* Work to be completed
Print, word for word, the opening line of the data below and every line after it through the line that contains "#3147=VERTEX_POINT('',#6927);", but not the pictures.

===== Records shown =====

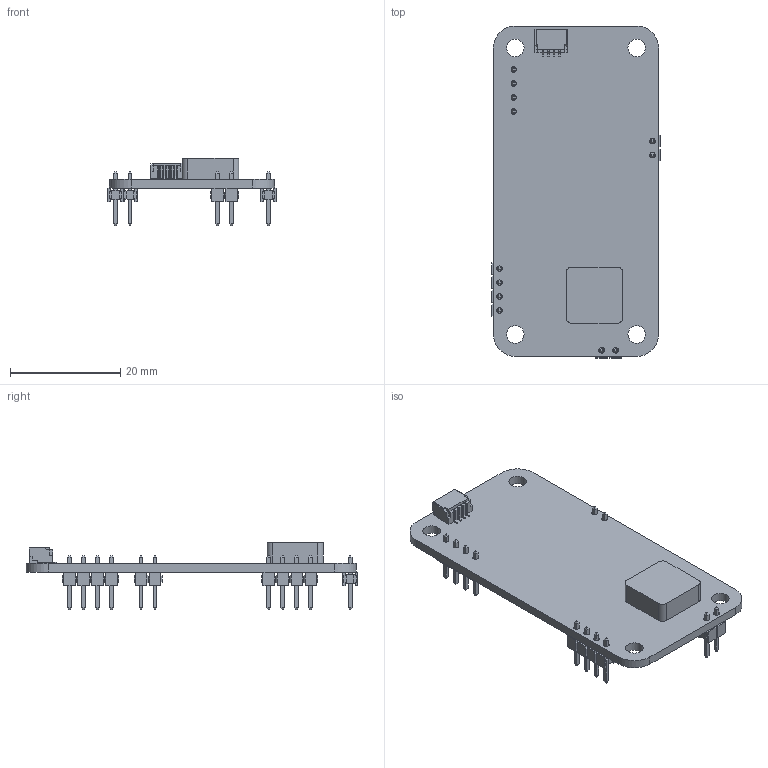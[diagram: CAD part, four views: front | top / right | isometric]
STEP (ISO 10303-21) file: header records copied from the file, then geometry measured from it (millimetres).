
FILE_DESCRIPTION(/* description */ ('STEP AP242','CAx-IF Rec.Pracs.---Representation and Presentation of Product Manufacturing Information (PMI)---4.0---2014-10-13','CAx-IF Rec.Pracs.---3D Tessellated Geometry---0.4---2014-09-14','2;1'),/* implementation_level */ '2;1');
FILE_NAME(/* name */ '685f6fadccedfa2906f51c36',/* time_stamp */ '2025-06-28T04:29:34Z',/* author */ (''),/* organization */ (''),/* preprocessor_version */ 'ST-DEVELOPER v20',/* originating_system */ 'ONSHAPE BY PTC INC, 1.200',/* authorisation */ ' ');
FILE_SCHEMA (('AP242_MANAGED_MODEL_BASED_3D_ENGINEERING_MIM_LF { 1 0 10303 442 1 1 4 }'));
Length unit declared in the file: metre
Products named in the file (13): SVR; xg8s-0231; xg8s-0431; SVR <1>; PCB; Inductor; SM04B-SRSS-TB(LF)(SN)
Assembly tree (14 placements, depth 3):
  SVR
    xg8s-0231  x2
    xg8s-0431  x2
    SVR <1>
      PCB
      Inductor
      SM04B-SRSS-TB(LF)(SN)
      SM04B-SRSS-TB(LF)(SN)
      SM04B-SRSS-TB(LF)(SN)
      SM04B-SRSS-TB(LF)(SN)
      SM04B-SRSS-TB(LF)(SN)
      SM04B-SRSS-TB(LF)(SN)
      SM04B-SRSS-TB(LF)(SN)
Bounding box: 30.58 x 60.29 x 12.2 mm (x, y, z)
Volume: 3414.1 mm3; surface area: 5098.9 mm2
Topology: 13 solids, 13 shells, 841 faces, 2080 edges, 1302 vertices
Faces by surface type: plane 777, cylinder 64
Full cylindrical faces by diameter (mm): 1.016 x12, 3.2 x4
Entity records: 17437 total; most frequent: CARTESIAN_POINT 2846, ORIENTED_EDGE 2776, DIRECTION 2652, EDGE_CURVE 1388, LINE 1260, VECTOR 1260, VERTEX_POINT 890, AXIS2_PLACEMENT_3D 696
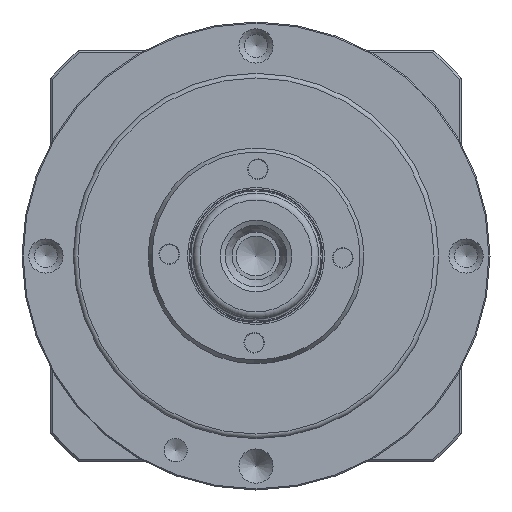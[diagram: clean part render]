
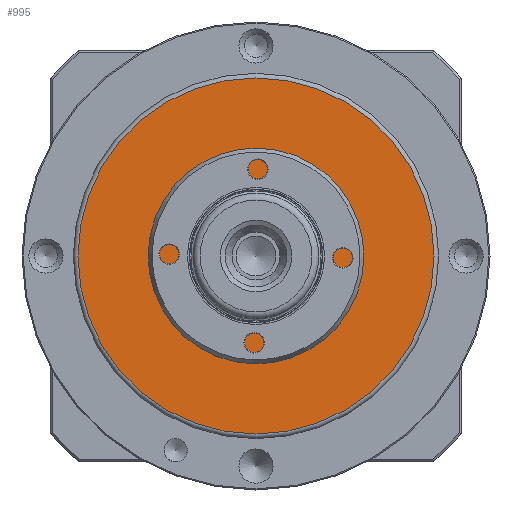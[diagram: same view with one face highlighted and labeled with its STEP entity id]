
A CAD part, left-side view. The second image highlights one B-rep face of the part: STEP entity #995.
In plain terms, the highlighted planar face has unit normal (-1, 0, 0).
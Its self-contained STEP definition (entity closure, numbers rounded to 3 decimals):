
#712=PLANE('',#4277);
#995=ADVANCED_FACE('',(#1232),#712,.F.);
#1232=FACE_OUTER_BOUND('',#1601,.T.);
#1601=EDGE_LOOP('',(#2644));
#1937=CIRCLE('',#4274,78.);
#2644=ORIENTED_EDGE('',*,*,#3566,.T.);
#3147=VERTEX_POINT('',#6927);
#3566=EDGE_CURVE('',#3147,#3147,#1937,.T.);
#4274=AXIS2_PLACEMENT_3D('',#6926,#5267,#5268);
#4277=AXIS2_PLACEMENT_3D('',#6931,#5273,#5274);
#5267=DIRECTION('',(-1.,0.,0.));
#5268=DIRECTION('',(0.,0.,1.));
#5273=DIRECTION('',(1.,0.,0.));
#5274=DIRECTION('',(0.,0.,-1.));
#6926=CARTESIAN_POINT('',(-98.099,0.148,205.));
#6927=CARTESIAN_POINT('',(-98.099,0.148,283.));
#6931=CARTESIAN_POINT('',(-98.099,78.148,205.));

=====

* Output of the exercise
[diagram: CAD part, four views: front | top / right | isometric]
STEP (ISO 10303-21) file: header records copied from the file, then geometry measured from it (millimetres).
FILE_DESCRIPTION(/* description */ ('STEP AP242','CAx-IF Rec.Pracs.---Representation and Presentation of Product Manufacturing Information (PMI)---4.0---2014-10-13','CAx-IF Rec.Pracs.---3D Tessellated Geometry---0.4---2014-09-14','2;1'),/* implementation_level */ '2;1');
FILE_NAME(/* name */ '685f6fadccedfa2906f51c36',/* time_stamp */ '2025-06-28T04:29:34Z',/* author */ (''),/* organization */ (''),/* preprocessor_version */ 'ST-DEVELOPER v20',/* originating_system */ 'ONSHAPE BY PTC INC, 1.200',/* authorisation */ ' ');
FILE_SCHEMA (('AP242_MANAGED_MODEL_BASED_3D_ENGINEERING_MIM_LF { 1 0 10303 442 1 1 4 }'));
Length unit declared in the file: metre
Products named in the file (13): SVR; xg8s-0231; xg8s-0431; SVR <1>; PCB; Inductor; SM04B-SRSS-TB(LF)(SN)
Assembly tree (14 placements, depth 3):
  SVR
    xg8s-0231  x2
    xg8s-0431  x2
    SVR <1>
      PCB
      Inductor
      SM04B-SRSS-TB(LF)(SN)
      SM04B-SRSS-TB(LF)(SN)
      SM04B-SRSS-TB(LF)(SN)
      SM04B-SRSS-TB(LF)(SN)
      SM04B-SRSS-TB(LF)(SN)
      SM04B-SRSS-TB(LF)(SN)
      SM04B-SRSS-TB(LF)(SN)
Bounding box: 30.58 x 60.29 x 12.2 mm (x, y, z)
Volume: 3414.1 mm3; surface area: 5098.9 mm2
Topology: 13 solids, 13 shells, 841 faces, 2080 edges, 1302 vertices
Faces by surface type: plane 777, cylinder 64
Full cylindrical faces by diameter (mm): 1.016 x12, 3.2 x4
Entity records: 17437 total; most frequent: CARTESIAN_POINT 2846, ORIENTED_EDGE 2776, DIRECTION 2652, EDGE_CURVE 1388, LINE 1260, VECTOR 1260, VERTEX_POINT 890, AXIS2_PLACEMENT_3D 696
[diagram: clean part render]
[diagram: same view with one face highlighted and labeled with its STEP entity id]
A CAD part, left-side view. The second image highlights one B-rep face of the part: STEP entity #995.
In plain terms, the highlighted planar face has unit normal (-1, 0, 0).
Its self-contained STEP definition (entity closure, numbers rounded to 3 decimals):
#712=PLANE('',#4277);
#995=ADVANCED_FACE('',(#1232),#712,.F.);
#1232=FACE_OUTER_BOUND('',#1601,.T.);
#1601=EDGE_LOOP('',(#2644));
#1937=CIRCLE('',#4274,78.);
#2644=ORIENTED_EDGE('',*,*,#3566,.T.);
#3147=VERTEX_POINT('',#6927);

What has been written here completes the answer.